BEV Jones Music Company and The Jubilee Celebration Singers producer Lesley Jones bids farewell to the York stage after 20 years of mounting shows with Swing When You Sing, presented with Steve Coates Music Productions.

Alan Owens’s 16-piece big band will be joined on stage by singers Ruth McNeil, Annabel van Griethuysen, Hayley Bamford, Johanna Hartley, Adele Barlow, Larry Gibson, Terry Ford, Stephen Wilson, David Hartley and Geoff Walker to perform Rat Pack, Minnie The Moocher, Boogie Woogie Bugle Boy, Under The Sea, Cheek To Cheek, Sway (Latin), Fever, Mr Bojangles, Amy Winehouse’s Back To Black and Sing, Sing, Sing (with Bob Fosse-style dancing). “Varied? Yes! Upbeat? Yes! Emotional? Yes!” says Lesley. Box office: 01904 501935 or josephrowntreetheatre.co.uk.

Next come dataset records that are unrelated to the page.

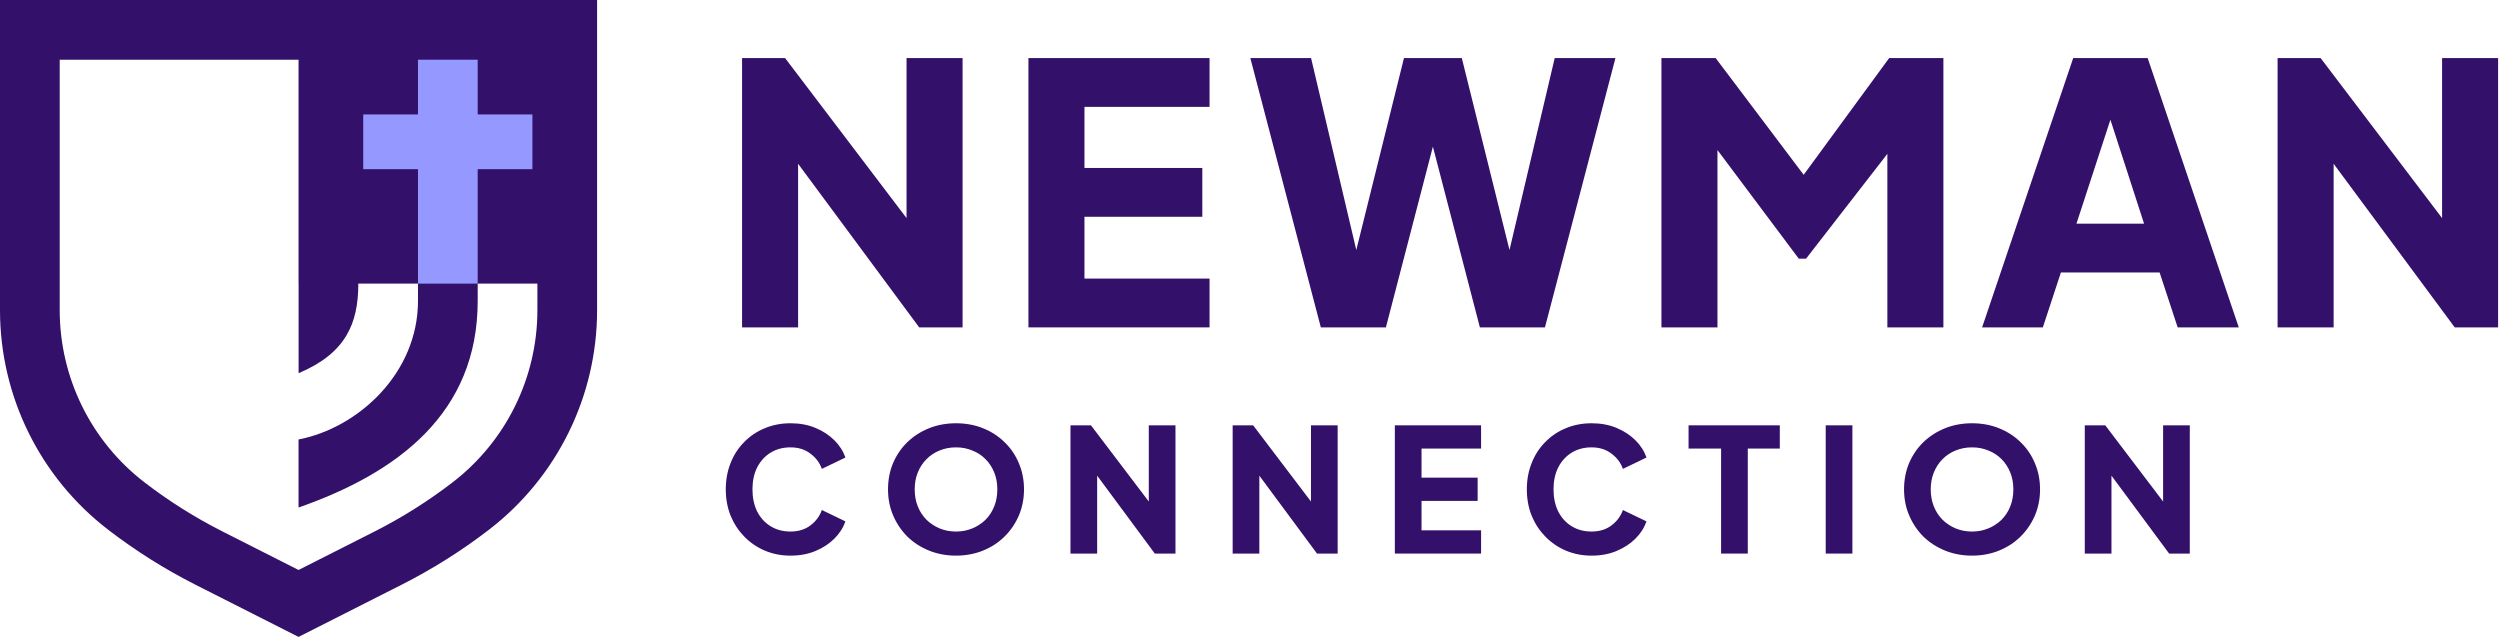 <svg width="420" height="107" viewBox="0 0 420 107" fill="none" xmlns="http://www.w3.org/2000/svg">
<path fill-rule="evenodd" clip-rule="evenodd" d="M0 0H100.312V52.11C100.312 66.559 93.599 80.189 82.143 88.995C77.547 92.527 72.632 95.623 67.46 98.24L50.156 107L32.852 98.24C27.681 95.623 22.765 92.527 18.17 88.995C6.714 80.189 0 66.559 0 52.11V0ZM10.031 52.11V10.031H50.156V47.648H50.166V62.695C58.107 59.352 60.197 54.336 60.197 47.648H70.222V50.553C70.222 62.695 60.188 71.891 50.156 73.832V85.266C66.875 79.414 80.253 69.383 80.253 50.553V47.648H90.281V52.11C90.281 63.444 85.015 74.134 76.029 81.041C71.929 84.193 67.543 86.955 62.93 89.291L50.156 95.757L37.383 89.291C32.769 86.955 28.383 84.193 24.283 81.042C15.297 74.134 10.031 63.444 10.031 52.11Z" fill="#33106A"/>
<path d="M80.25 19.227V10.031H70.219V19.227H61.023V28.422H70.219V47.648H80.25V28.422H89.445V19.227H80.25Z" fill="#9599FF"/>
<path d="M124.668 9.756V55H134.081V27.512L154.426 55H161.713V9.756H152.3V36.64L131.895 9.756H124.668Z" fill="#33106A"/>
<path d="M172.777 55V9.756H203.203V17.955H182.19V28.218H201.988V36.417H182.19V46.801H203.203V55H172.777Z" fill="#33106A"/>
<path d="M210.057 9.756L221.9 55H232.831L240.726 24.635L248.621 55H259.552L271.394 9.756H261.192L253.595 42.005L245.584 9.756H235.867L227.857 42.005L220.26 9.756H210.057Z" fill="#33106A"/>
<path d="M279.121 55V9.756H288.23L303.017 29.366L317.38 9.756H326.49V55H317.077V25.846L303.413 43.461H302.198L288.534 25.209V55H279.121Z" fill="#33106A"/>
<path fill-rule="evenodd" clip-rule="evenodd" d="M348.299 9.756L332.995 55H343.197L346.234 45.769H362.813L365.849 55H376.113L360.809 9.756H348.299ZM360.202 37.571H348.845L354.548 20.114L360.202 37.571Z" fill="#33106A"/>
<path d="M382.636 9.756V55H392.05V27.512L412.394 55H419.682V9.756H410.269V36.64L389.863 9.756H382.636Z" fill="#33106A"/>
<path d="M350.244 93V71.455H353.685L363.402 84.257V71.455H367.885V93H364.414L354.727 79.91V93H350.244Z" fill="#33106A"/>
<path fill-rule="evenodd" clip-rule="evenodd" d="M326.793 92.508C328.181 93.067 329.685 93.347 331.304 93.347C332.924 93.347 334.427 93.067 335.816 92.508C337.204 91.949 338.409 91.168 339.43 90.166C340.472 89.144 341.281 87.959 341.86 86.609C342.438 85.259 342.727 83.794 342.727 82.213C342.727 80.632 342.438 79.167 341.86 77.818C341.301 76.468 340.5 75.292 339.459 74.29C338.438 73.287 337.233 72.506 335.844 71.947C334.456 71.388 332.943 71.108 331.304 71.108C329.665 71.108 328.152 71.388 326.764 71.947C325.376 72.506 324.161 73.287 323.12 74.29C322.098 75.292 321.298 76.468 320.72 77.818C320.161 79.167 319.881 80.632 319.881 82.213C319.881 83.794 320.17 85.259 320.749 86.609C321.327 87.959 322.127 89.144 323.149 90.166C324.19 91.168 325.405 91.949 326.793 92.508ZM334.023 88.778C333.194 89.125 332.287 89.298 331.304 89.298C330.321 89.298 329.405 89.125 328.557 88.778C327.728 88.431 326.995 87.949 326.359 87.332C325.723 86.696 325.231 85.944 324.884 85.076C324.537 84.209 324.364 83.254 324.364 82.213C324.364 81.172 324.537 80.228 324.884 79.379C325.231 78.512 325.723 77.76 326.359 77.124C326.995 76.487 327.728 76.005 328.557 75.678C329.405 75.331 330.321 75.157 331.304 75.157C332.287 75.157 333.194 75.331 334.023 75.678C334.871 76.005 335.613 76.487 336.249 77.124C336.886 77.76 337.377 78.512 337.724 79.379C338.071 80.228 338.245 81.172 338.245 82.213C338.245 83.254 338.071 84.209 337.724 85.076C337.377 85.944 336.886 86.696 336.249 87.332C335.613 87.949 334.871 88.431 334.023 88.778Z" fill="#33106A"/>
<path d="M306.72 93V71.455H311.202V93H306.72Z" fill="#33106A"/>
<path d="M289.144 75.359V93H293.627V75.359H299.006V71.455H283.679V75.359H289.144Z" fill="#33106A"/>
<path d="M267.384 93.347C265.842 93.347 264.405 93.067 263.075 92.508C261.764 91.949 260.617 91.168 259.634 90.166C258.65 89.163 257.879 87.987 257.32 86.638C256.78 85.288 256.51 83.813 256.51 82.213C256.51 80.613 256.78 79.138 257.32 77.789C257.86 76.42 258.621 75.244 259.605 74.261C260.588 73.258 261.735 72.487 263.046 71.947C264.376 71.388 265.822 71.108 267.384 71.108C268.946 71.108 270.343 71.369 271.577 71.889C272.83 72.41 273.891 73.104 274.758 73.971C275.626 74.839 276.243 75.803 276.609 76.863L272.647 78.772C272.281 77.731 271.635 76.873 270.71 76.198C269.803 75.504 268.695 75.157 267.384 75.157C266.111 75.157 264.993 75.456 264.029 76.053C263.065 76.651 262.313 77.48 261.774 78.541C261.253 79.582 260.993 80.806 260.993 82.213C260.993 83.621 261.253 84.855 261.774 85.915C262.313 86.975 263.065 87.804 264.029 88.402C264.993 89 266.111 89.298 267.384 89.298C268.695 89.298 269.803 88.961 270.71 88.286C271.635 87.592 272.281 86.725 272.647 85.683L276.609 87.592C276.243 88.653 275.626 89.617 274.758 90.484C273.891 91.352 272.83 92.046 271.577 92.566C270.343 93.087 268.946 93.347 267.384 93.347Z" fill="#33106A"/>
<path d="M234.333 71.455V93H248.822V89.096H238.816V84.151H248.243V80.247H238.816V75.359H248.822V71.455H234.333Z" fill="#33106A"/>
<path d="M207.086 93V71.455H210.528L220.244 84.257V71.455H224.727V93H221.257L211.569 79.91V93H207.086Z" fill="#33106A"/>
<path d="M179.839 71.455V93H184.322V79.91L194.01 93H197.48V71.455H192.997V84.257L183.281 71.455H179.839Z" fill="#33106A"/>
<path fill-rule="evenodd" clip-rule="evenodd" d="M160.61 93.347C158.991 93.347 157.487 93.067 156.099 92.508C154.711 91.949 153.496 91.168 152.455 90.166C151.433 89.144 150.633 87.959 150.055 86.609C149.477 85.259 149.187 83.794 149.187 82.213C149.187 80.632 149.467 79.167 150.026 77.818C150.604 76.468 151.404 75.292 152.426 74.29C153.467 73.287 154.682 72.506 156.07 71.947C157.458 71.388 158.972 71.108 160.61 71.108C162.249 71.108 163.762 71.388 165.151 71.947C166.539 72.506 167.744 73.287 168.765 74.29C169.807 75.292 170.607 76.468 171.166 77.818C171.744 79.167 172.033 80.632 172.033 82.213C172.033 83.794 171.744 85.259 171.166 86.609C170.587 87.959 169.778 89.144 168.737 90.166C167.715 91.168 166.51 91.949 165.122 92.508C163.734 93.067 162.23 93.347 160.61 93.347ZM160.61 89.298C161.594 89.298 162.5 89.125 163.329 88.778C164.177 88.431 164.919 87.949 165.555 87.332C166.192 86.696 166.683 85.944 167.03 85.076C167.377 84.209 167.551 83.254 167.551 82.213C167.551 81.172 167.377 80.228 167.03 79.379C166.683 78.512 166.192 77.76 165.555 77.124C164.919 76.487 164.177 76.005 163.329 75.678C162.5 75.331 161.594 75.157 160.61 75.157C159.627 75.157 158.711 75.331 157.863 75.678C157.034 76.005 156.301 76.487 155.665 77.124C155.029 77.76 154.537 78.512 154.19 79.379C153.843 80.228 153.67 81.172 153.67 82.213C153.67 83.254 153.843 84.209 154.19 85.076C154.537 85.944 155.029 86.696 155.665 87.332C156.301 87.949 157.034 88.431 157.863 88.778C158.711 89.125 159.627 89.298 160.61 89.298Z" fill="#33106A"/>
<path d="M128.497 92.508C129.827 93.067 131.264 93.347 132.806 93.347C134.368 93.347 135.765 93.087 136.999 92.566C138.252 92.046 139.313 91.352 140.18 90.484C141.048 89.617 141.665 88.653 142.031 87.592L138.069 85.683C137.703 86.725 137.057 87.592 136.132 88.286C135.225 88.961 134.117 89.298 132.806 89.298C131.533 89.298 130.415 89 129.451 88.402C128.487 87.804 127.735 86.975 127.196 85.915C126.675 84.855 126.415 83.621 126.415 82.213C126.415 80.806 126.675 79.582 127.196 78.541C127.735 77.48 128.487 76.651 129.451 76.053C130.415 75.456 131.533 75.157 132.806 75.157C134.117 75.157 135.225 75.504 136.132 76.198C137.057 76.873 137.703 77.731 138.069 78.772L142.031 76.863C141.665 75.803 141.048 74.839 140.18 73.971C139.313 73.104 138.252 72.41 136.999 71.889C135.765 71.369 134.368 71.108 132.806 71.108C131.244 71.108 129.798 71.388 128.468 71.947C127.157 72.487 126.01 73.258 125.027 74.261C124.043 75.244 123.282 76.42 122.742 77.789C122.202 79.138 121.932 80.613 121.932 82.213C121.932 83.813 122.202 85.288 122.742 86.638C123.301 87.987 124.072 89.163 125.056 90.166C126.039 91.168 127.186 91.949 128.497 92.508Z" fill="#33106A"/>
</svg>

Start-up of the week: Bishy Road Community Choir, Stables Yoga Centre, Nunmill Street, York, from April 13

The poster for the launch of Bishy Road Community Choir

THE Stables Yoga Centre and Rachel Davies are setting up the Bishy Road Community Choir to run on Mondays from 5pm to 5.50pm at £5 a session from April 13. This welcoming, musically accessible group will use song to promote happiness, wellbeing and community. No experience or musical skills are needed; only enthusiasm to try feel-good singing. To book a place, visit stablesyoga.co.uk/timetable.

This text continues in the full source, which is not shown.